まばらだった拍手も今は途切れることなく聞こえていて、少し耳に痛いくらいだ。
虹夏と、ついでに遠くで腕を組みながらこちらを見ている星歌さんに軽く手を振って、マイクのスイッチを切る。
それと同時に疲労感が全身を襲った。
「ふぅ……お疲れ、リョウ」
「うん。カンナも」
アンプの電源を落とし、シールドやケーブルの類を片付けていく。
その時背後からこちらに駆け寄る音が聞こえて、俺とリョウは振り返った。
「二人ともお疲れ様! 本っっっ当にすごかったよ!」
「おう。ずっと最前列で見ててくれてありがとう」
「サンクス」
俺たちの手を取ってブンブンと振る虹夏。
その時視界の端の方に見知らぬ少女が映った。
「あの子、さっきのライブにいた……」
外見から察するに同い年くらいで、入念に手入れされているであろう赤みがかった長髪が特徴的だ。
少女の方に視線をやると、目を輝かせながらこちらに近づいてきた。
「あの……! さっきのライブ、とっても凄かったです! 私バンドのこととかあんまり知らないんですけど、一瞬でお二人のファンになっちゃいました!」
まさに感無量といった様子で彼女はライブの感想を述べた。若干押され気味のリョウは近くにいた虹夏の背に半身を隠していたので、代わりに俺が対応する。
「ありがとう。リョウは分からないけど、俺はファンなんて初めてだから嬉しいよ。名前は?」
言いながら右手で握手を求める。
少女はおずおずといった様子で手を握りながら、名前を教えてくれた。
「喜多郁代です! えっと、できれば苗字の方を覚えていただけると嬉しいです」
「喜多ね。覚えた。俺は保浦カンナっていうんだけど……ところで今俺が握らされてるモノは?」
「はい! 万札です!」
「万札」
一切曇りのない顔で笑う喜多とギャップのある答えに、俺はオウム返しをすることしかできなかった。
喜多から離れて自分の右手を見ると、そこには本当に半分に折り畳まれた一万円札がある。

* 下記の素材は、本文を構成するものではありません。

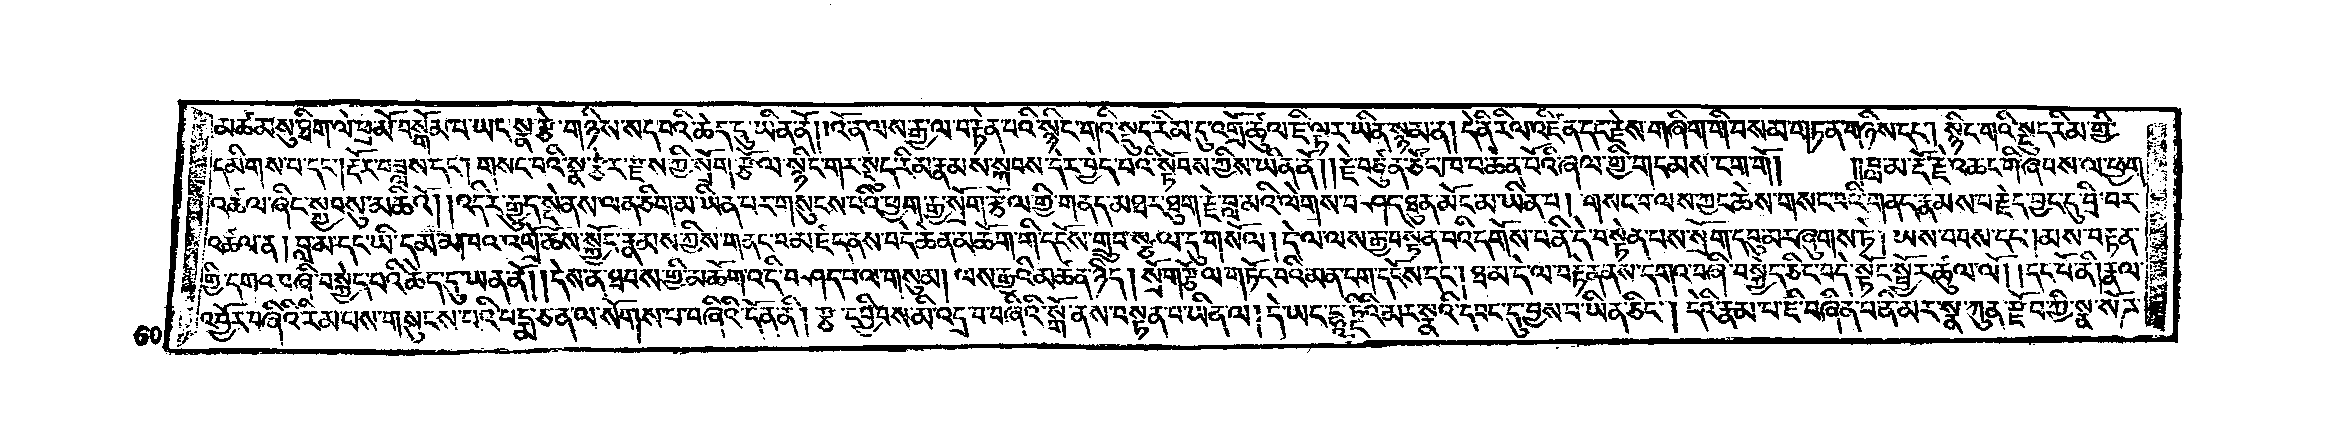མཚམས་སུ་ཐིག་ལེ་ཕྲ་མོ་བསྒོམ་བ་ཡང་སྣ་རྩེ་གཉིས་སད་བའི་ཆེད་དུ་ཡིན་ནོ། །འོ་ན་ལས་རྒྱ་ལ་བ་རྟེན་བའི་སྙིང་གའི་སྡུད་རིམ་དུ་འགྲོ་ཚུལ་ཇི་ལྟར་ཡིན་སྙམ་ན། དེ་ནི་རིལ་འཛིན་དང་རྗེས་གཞིག་གི་བསམ་གཏན་གཉིས་དང་། སྙིང་གའི་སྡུད་རིམ་གྱི་
དམིགས་པ་དང་། རྡོར་བཟླས་དང་། གསང་བའི་སྣ་རྩེར་རྫས་ཀྱི་སྲོག་རྩོལ་སྙིང་གར་སྡུད་རིམ་རྣམས་སྐབས་དེར་བྱེད་པའི་སྟོབས་ཀྱིས་ཡིན་ནོ། །རྗེ་བཙུན་ཙོང་ཁ་པ་ཆེན་པོའི་ཞལ་གྱི་གདམས་ངག་གོ། །།བླ་མ་རྡོ་རྗེ་འཆང་གི་ཞབས་ལ་ཕྱག་
འཚལ་ཞིང་སྐྱབས་སུ་མཆིའོ། །འདིར་རྒྱུད་སྡེ་ནས་ལན་ཅིག་མ་ཡིན་པར་གསུངས་པའི་ཕྱག་རྒྱ་སྲོག་རྩོལ་གྱི་གནད་མཐར་ཐུག་རྗེ་བླ་མའི་ལེགས་བཤད་ཐུན་མོང་མ་ཡིན་པ། གསང་བ་ལས་ཀྱང་ཆེས་གསང་བའི་གནད་རྣམས་བརྗེད་བྱང་དུ་བྲི་བར་
འཚལ་ན། བླ་མ་དང་ཡི་དམ་མཁའ་འགྲེ་ཆོས་སྐྱོང་རྣམས་ཀྱིས་གནང་བ་མཛད་ནས་བདེ་ཆེན་མཆོག་གི་དངོས་གྲུབ་སྩལ་དུ་གསོལ། དེ་ལ་ལས་རྒྱ་བསྟེན་པའི་དགོས་པ་ནི་དེ་བསྟེན་པས་སྲོག་དབུ་མར་ཞུགས་ཏེ། ཡས་བབས་དང་། མས་བརྟན་
གྱི་དགའ་བཞི་བསྐྱེད་པའི་ཆེད་དུ་ཡིན་ནོ། །དེས་ན་ཐབས་གྱི་མཆོག་འདི་བཤད་པ་ལ་གསུམ། ལས་རྒྱའི་མཚན་ཉིད། སྲོག་རྩོལ་གཏོང་བའི་མན་ངག་དངོས་དང་། ཐ་མ་དེ་ལ་བརྟེན་ནས་དགའ་བཞི་བསྐྱེད་ཅིང་བདེ་སྟོང་སྦྱོར་ཚུལ་ལོ། །དང་པོ་ནི། རྣལ་
འབྱོར་བཞིའི་རིམ་པས་གསུངས་པའི་པདམ་ཅན་ལ་སོགས་པ་བཞིའི་དོན་ནི། རྩ་དབྱིབས་མི་འདྲ་བ་བཞིའི་སྒོ་ནས་བསྟན་པ་ཡིན་ལ། ཡྡེ་ཡང་དྷཱུ་ཏྡིའི་མར་སྣའི་དབང་དུ་བྱས་པ་ཡིན་ཅིང་། དེའི་རྣམ་པ་ཇི་བཞིན་པ་ནི་མར་སྣ་ཀུན་རྫོབ་ཀྱི་སྣ་སོགས་

「そこに投げ銭用の空き缶があったので、これはもう貢ぐしかないって思って!」
「え、何それ怖……」
目が本気だった。
バイトができる年齢ならともかく、俺たちくらいの年齢の人間にとって一万円は大金だ。おいそれと他人に渡せるような金額ではない。
「とりあえずこれは返すよ」
「え。でも——」
俺の言葉に喜多は難色を示した。
背後でリョウがテンションを上げていることだし、何か適当な理由を付けて納得させなければ。
「じゃあ今度一緒にどっか遊び行こう。金はその時使うってことで……!」
「い、いいんですか!?」
「あぁ。別にバンドやってるだけで有名人ってわけでもないしさ。友人として関わってくれたら嬉しい」
「そういうことなら、また次の機会に貢ぎますね!」
ひとまずは難を逃れられたが、不穏な言葉が聞こえたのは気のせいだろうか。
気のせいということにしておこう。
「カンナ、ナンパしてる?」
「……やっぱりナンパだよねこれ」
「うるせぇ」
外行き用の笑顔を湛えたまま後ろから飛ばされる野次に耐える。
こうして無事——かどうかは定かではないが、ざ・はむきたすの路上ライブは終了し、俺たちに貢ぎたがりのファン兼友人ができた。